Gesellschaftlich positive Wirkungen, auf Neudeutsch „ESG-Impact“, zu erzeugen, wird immer mehr als der zentrale Grund für nachhaltige Anlagen postuliert und ist zentraler Eckpfeiler der Sustainable-Finance-Strategie von EU-Kommission und EU-Parlament. Immer mehr aus dem Blickfeld rückt dabei, dass seit Dekaden nachhaltige Anlagen von einer Ethik des „guten Gewissens“ und weniger von einer Wirkungsethik angetrieben werden.

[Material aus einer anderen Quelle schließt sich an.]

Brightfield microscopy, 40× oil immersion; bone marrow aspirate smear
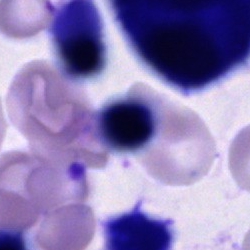
Morphology consistent with a cell of indeterminate lineage.
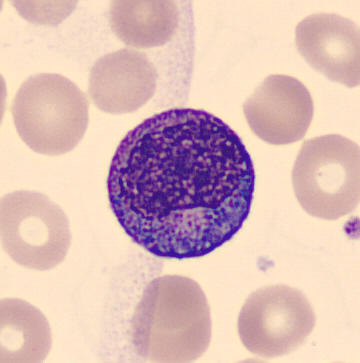
Peripheral blood smear.

Promyelocyte.
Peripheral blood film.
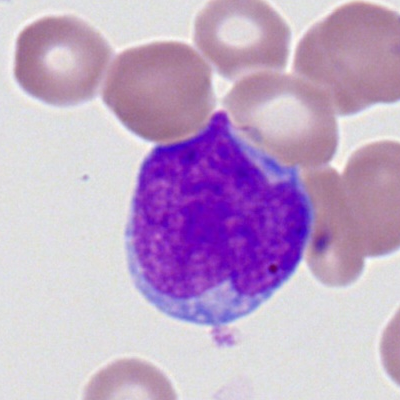
Classification: myeloblast.
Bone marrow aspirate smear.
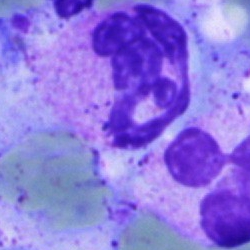
Morphology → segmented neutrophil.
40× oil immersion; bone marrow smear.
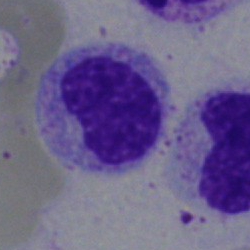Morphology consistent with a myelocyte.
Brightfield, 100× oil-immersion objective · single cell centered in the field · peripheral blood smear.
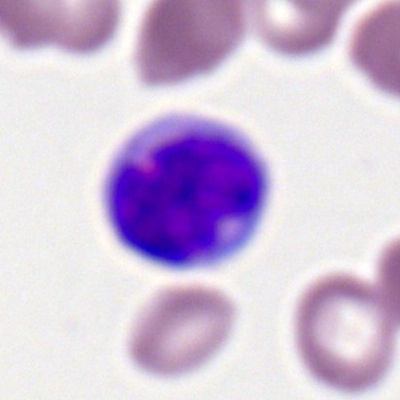
Cell type: monocyte.
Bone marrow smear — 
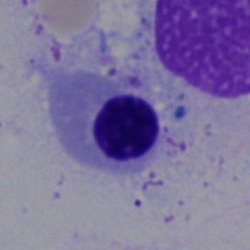

Morphology consistent with a nucleated red blood cell.
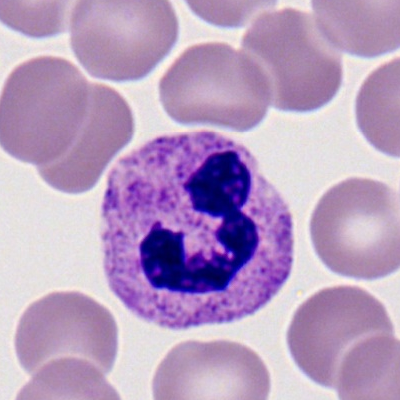
The cell shown is a neutrophil (segmented).
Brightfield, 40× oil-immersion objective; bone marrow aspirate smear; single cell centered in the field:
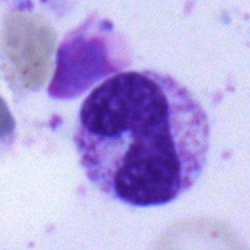 Classification: band neutrophil.
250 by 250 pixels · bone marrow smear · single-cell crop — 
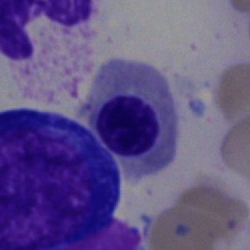 Q: What cell is this?
A: This is a nucleated red cell.
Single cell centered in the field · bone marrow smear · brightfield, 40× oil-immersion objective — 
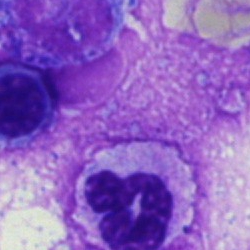
This is a segmented neutrophil.
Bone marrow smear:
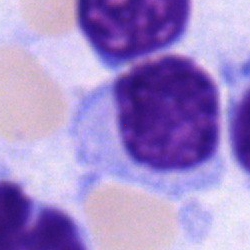

Classification = typical lymphocyte.
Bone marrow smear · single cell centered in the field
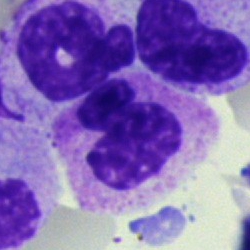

So verführerisch die Vorstellung eines ESG-Impacts ist, bisherige wissenschaftliche Studien können unter anderem aufgrund der komplexen und noch nicht hinreichend verstandenen Übertragungswege vom Finanz- in den Realsektor nicht mit Bestimmtheit sagen, wie schnell, in welchem Umfang, in welchen Regionen und mit welcher Treffsicherheit grünes Geld zum Beispiel Treibhausgasemissionen senken oder Arbeitnehmerrechte in Lieferketten sichern kann. Studien wie die für den Verbraucherzentrale Bundesverband oder von einer durch die Goethe-Universität angeführten Forschergruppe nähren Zweifel an politisch erhofften, durchschlagenden positiven Wirkungen von Sustainable Finance, respektive grünen Geldanlagen.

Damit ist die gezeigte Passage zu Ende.